## [What needs to be done]
Every record shown here needs to be repeated exactly.

Data excerpts:
━━━━━━━━━━━━━━━━
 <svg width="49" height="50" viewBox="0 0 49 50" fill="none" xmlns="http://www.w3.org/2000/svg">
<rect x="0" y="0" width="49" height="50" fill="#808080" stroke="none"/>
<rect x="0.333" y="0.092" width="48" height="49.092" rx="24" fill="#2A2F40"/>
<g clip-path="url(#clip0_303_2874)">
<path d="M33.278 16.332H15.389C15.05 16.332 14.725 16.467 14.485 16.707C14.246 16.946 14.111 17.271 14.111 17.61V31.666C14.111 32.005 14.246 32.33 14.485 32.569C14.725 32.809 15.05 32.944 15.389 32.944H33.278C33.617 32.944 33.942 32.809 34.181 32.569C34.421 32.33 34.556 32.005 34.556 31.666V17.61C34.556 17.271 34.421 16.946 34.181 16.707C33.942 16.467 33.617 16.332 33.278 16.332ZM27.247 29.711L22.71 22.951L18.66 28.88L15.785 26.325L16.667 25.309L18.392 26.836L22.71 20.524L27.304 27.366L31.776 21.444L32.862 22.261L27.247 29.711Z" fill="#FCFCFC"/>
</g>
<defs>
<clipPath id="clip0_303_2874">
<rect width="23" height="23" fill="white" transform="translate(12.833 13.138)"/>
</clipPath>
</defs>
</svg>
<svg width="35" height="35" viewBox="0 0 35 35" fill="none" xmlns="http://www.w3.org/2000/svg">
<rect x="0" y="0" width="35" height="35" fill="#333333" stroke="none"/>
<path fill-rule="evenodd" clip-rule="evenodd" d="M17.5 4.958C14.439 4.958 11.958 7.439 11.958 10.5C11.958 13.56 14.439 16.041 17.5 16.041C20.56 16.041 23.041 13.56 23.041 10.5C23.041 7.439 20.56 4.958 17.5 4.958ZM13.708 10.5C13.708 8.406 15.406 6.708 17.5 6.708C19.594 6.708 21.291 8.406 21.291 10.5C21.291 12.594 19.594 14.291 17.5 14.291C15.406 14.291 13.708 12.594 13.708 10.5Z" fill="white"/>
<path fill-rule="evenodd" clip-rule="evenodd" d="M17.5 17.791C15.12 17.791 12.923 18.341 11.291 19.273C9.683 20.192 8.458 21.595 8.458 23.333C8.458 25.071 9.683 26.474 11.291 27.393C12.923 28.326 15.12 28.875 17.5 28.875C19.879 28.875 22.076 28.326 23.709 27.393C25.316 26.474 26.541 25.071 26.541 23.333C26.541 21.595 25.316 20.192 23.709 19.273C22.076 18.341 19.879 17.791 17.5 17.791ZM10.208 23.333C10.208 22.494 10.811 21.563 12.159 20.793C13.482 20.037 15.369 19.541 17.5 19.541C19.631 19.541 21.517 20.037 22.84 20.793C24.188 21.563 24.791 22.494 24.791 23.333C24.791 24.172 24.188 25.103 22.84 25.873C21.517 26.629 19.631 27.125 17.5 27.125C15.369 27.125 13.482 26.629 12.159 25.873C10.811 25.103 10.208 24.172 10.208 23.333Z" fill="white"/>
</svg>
━━━━━━━━━━━━━━━━
## [Task answer]
 <svg width="49" height="50" viewBox="0 0 49 50" fill="none" xmlns="http://www.w3.org/2000/svg">
<rect x="0" y="0" width="49" height="50" fill="#808080" stroke="none"/>
<rect x="0.333" y="0.092" width="48" height="49.092" rx="24" fill="#2A2F40"/>
<g clip-path="url(#clip0_303_2874)">
<path d="M33.278 16.332H15.389C15.05 16.332 14.725 16.467 14.485 16.707C14.246 16.946 14.111 17.271 14.111 17.61V31.666C14.111 32.005 14.246 32.33 14.485 32.569C14.725 32.809 15.05 32.944 15.389 32.944H33.278C33.617 32.944 33.942 32.809 34.181 32.569C34.421 32.33 34.556 32.005 34.556 31.666V17.61C34.556 17.271 34.421 16.946 34.181 16.707C33.942 16.467 33.617 16.332 33.278 16.332ZM27.247 29.711L22.71 22.951L18.66 28.88L15.785 26.325L16.667 25.309L18.392 26.836L22.71 20.524L27.304 27.366L31.776 21.444L32.862 22.261L27.247 29.711Z" fill="#FCFCFC"/>
</g>
<defs>
<clipPath id="clip0_303_2874">
<rect width="23" height="23" fill="white" transform="translate(12.833 13.138)"/>
</clipPath>
</defs>
</svg>
<svg width="35" height="35" viewBox="0 0 35 35" fill="none" xmlns="http://www.w3.org/2000/svg">
<rect x="0" y="0" width="35" height="35" fill="#333333" stroke="none"/>
<path fill-rule="evenodd" clip-rule="evenodd" d="M17.5 4.958C14.439 4.958 11.958 7.439 11.958 10.5C11.958 13.56 14.439 16.041 17.5 16.041C20.56 16.041 23.041 13.56 23.041 10.5C23.041 7.439 20.56 4.958 17.5 4.958ZM13.708 10.5C13.708 8.406 15.406 6.708 17.5 6.708C19.594 6.708 21.291 8.406 21.291 10.5C21.291 12.594 19.594 14.291 17.5 14.291C15.406 14.291 13.708 12.594 13.708 10.5Z" fill="white"/>
<path fill-rule="evenodd" clip-rule="evenodd" d="M17.5 17.791C15.12 17.791 12.923 18.341 11.291 19.273C9.683 20.192 8.458 21.595 8.458 23.333C8.458 25.071 9.683 26.474 11.291 27.393C12.923 28.326 15.12 28.875 17.5 28.875C19.879 28.875 22.076 28.326 23.709 27.393C25.316 26.474 26.541 25.071 26.541 23.333C26.541 21.595 25.316 20.192 23.709 19.273C22.076 18.341 19.879 17.791 17.5 17.791ZM10.208 23.333C10.208 22.494 10.811 21.563 12.159 20.793C13.482 20.037 15.369 19.541 17.5 19.541C19.631 19.541 21.517 20.037 22.84 20.793C24.188 21.563 24.791 22.494 24.791 23.333C24.791 24.172 24.188 25.103 22.84 25.873C21.517 26.629 19.631 27.125 17.5 27.125C15.369 27.125 13.482 26.629 12.159 25.873C10.811 25.103 10.208 24.172 10.208 23.333Z" fill="white"/>
</svg>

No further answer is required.